# rapido info



## whistlinggypsy (May 1, 2005)

Hi all you rapido owners, we have just got back from Norway with our less than shiney m/h (very dusty there) and we have two or three things we would like to ask you.

how the heck will i get the curtains and nets down to wash when the boss say's they need it :? is it the back breaking, neck straining job it looks like.

Secondly and more important is that we locked ourselves out of the van one morning due to us both leaving with the remote locking still on and the remote inside the m/h. I borrowed a screwdriver from a nice man parked next too us and frightenly it took me all of 5 seconds to gain entry, a sad reflection on the security of this make/model of m/h.

I am going to mail Rapido about this matter as i feel it should have been addressed and a more secure fitting shoud be used.

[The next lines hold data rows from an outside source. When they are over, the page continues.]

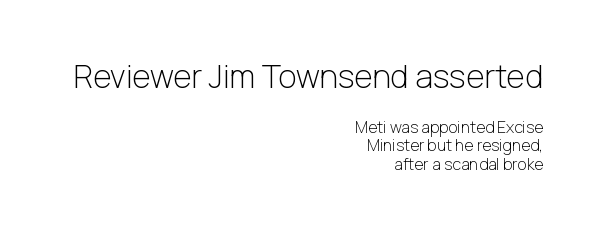
Weight class: somewhere from thin through regular. Observe the ordinary spacing: letters are neighbours, not strangers. The initial chunk of copy outweighs the following chunk in type size. When letters stand straight like this, we call the style roman or upright.
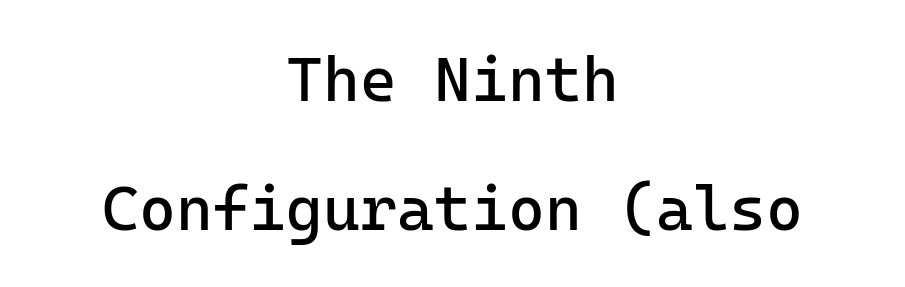
{"serif": "no", "italic": "no", "bold": "no", "weight": "regular", "width": "normal", "stroke_contrast": "low", "x_height": "medium", "monospaced": "yes", "underline": "no", "align": "center", "line_spacing": "loose", "line_spacing_ratio": 2.04, "letter_spacing": "normal", "letter_spacing_em": 0.0, "glyph_px": 63}
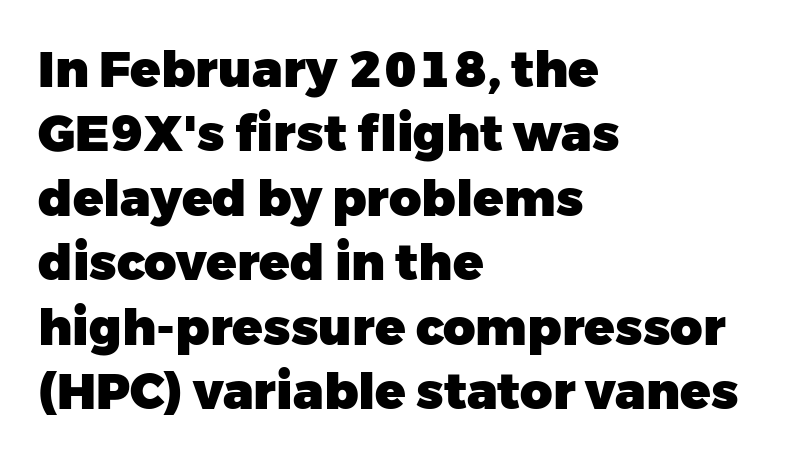
{"serif": "no", "italic": "no", "bold": "yes", "weight": "heavy", "width": "normal", "stroke_contrast": "low", "x_height": "medium", "monospaced": "no", "underline": "no", "align": "left", "line_spacing": "normal", "line_spacing_ratio": 1.29, "letter_spacing": "normal", "letter_spacing_em": 0.0, "glyph_px": 50}
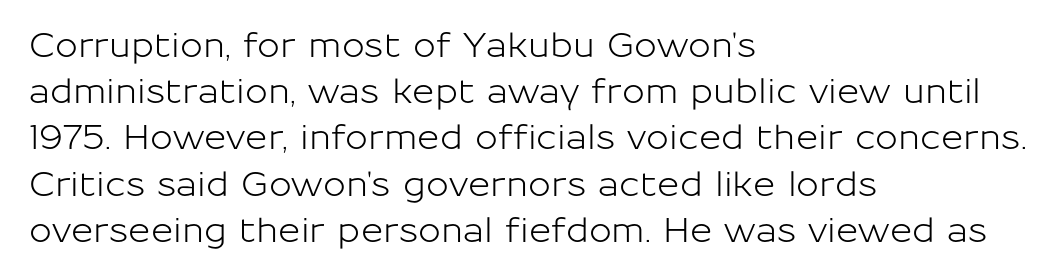
The lettering holds an erect, upright posture throughout. The space beneath each line is pristine and unruled. Regarding serifs, this sample does without them. These lines stack with their left ends in a neat column. The rendering uses natural spacing where letterforms have individual widths.
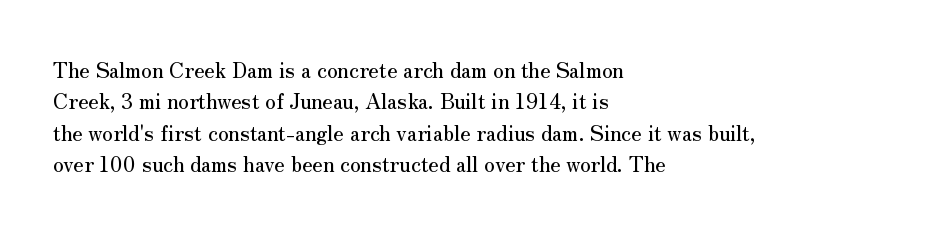
The compositor pushed each line to the left boundary. The designer left line spacing at the default. The rendering keeps characters at their native spacing. No italicization has been applied; the sample stays upright. Clear beneath every line of the passage.
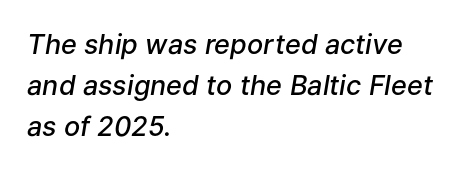
{"italic": "yes", "lean": "right", "slant_degrees": 9, "bold": "semi", "underline": "no", "align": "left", "line_spacing": "normal", "line_spacing_ratio": 1.51, "letter_spacing": "normal", "letter_spacing_em": 0.0, "glyph_px": 27}
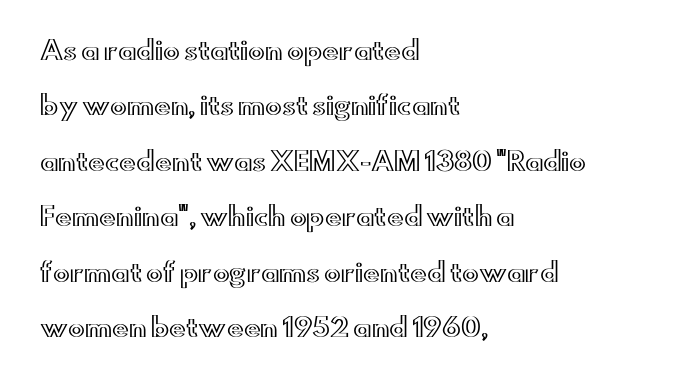
Unmarked baselines from the first word to the last. The vertical gap from one line to the next is large. A typesetter would call this zero additional tracking. A roman cut, with each character standing at attention.

I do not know to explain the method of entry without letting all the "ner do goods" seeing the method used but I can assure you it was frightenly easy. 8O 

Thirdly, looking at the works manual one is not suppose too use anything on the bodywork except soap and water (no wax ect.) so how do you clean of marks and how does one condition the bodywork i.e. keep that nice new shiney look :?: 

Apart from that it drove like a dream, handling the narrow twisting roads and some long hard climbs beautifully, we are so pleased with our choice as it suits us perfectly.

Regards


Barbara & Bob


----------



## ojibway (May 9, 2005)

Hi B abd B,
You will have agreat time getting thcurtains down. You have to look inder the pelmet and you might see some angle bracket. If you do they are the things that need to be undone. If yours is like ours then the front side ones even need additional screws undoing by the drop down bed!!
I shouldn't bother writing to Rapido in Mayenne. I wrote twice, in French and had no reply!!
Good luck
Mike and Annie
Ps would you email me how you got in?!


----------



## whistlinggypsy (May 1, 2005)

Hi Annie & Mike, sent you a pm about the entry to m/h

Regards 


Bob


----------



## ojibway (May 9, 2005)

*Hi Bob,
thanks for the pm. I have a different door with no opening window. Means they can't get in there - nor can I!!
I forgot to say, about the curtains, the whole pelmet needs to come off. The curtain runners, I believe, are attached to the pelmet!
I would really like to meet some of the people who design these things. Thats the trouble when you get people who have no design training designing things for others to use. There is nothing difficult in making things easy to maintain. Often doesn't cost any more!
Like the fridge freezer in ours. Just had the refrigeration unit replaced. It is not possible to get the F/F out of the van. the doorway is 10mm too narrow. I think you'd have to to take a window out! Crazy!!
Mike*


----------



## 100317 (Aug 2, 2006)

Why not remove one of the front seats and take the fridge out through the cab door?.


----------



## ojibway (May 9, 2005)

Hi Supra,
Yes, that might work but the point I'm making is that if the *'designers'* of these vehicles had any sense at all they would design _convenience_ into the van. After all, 10mm isn't going to alter the strucural qualities on the vehicle.
Regards, Mike


----------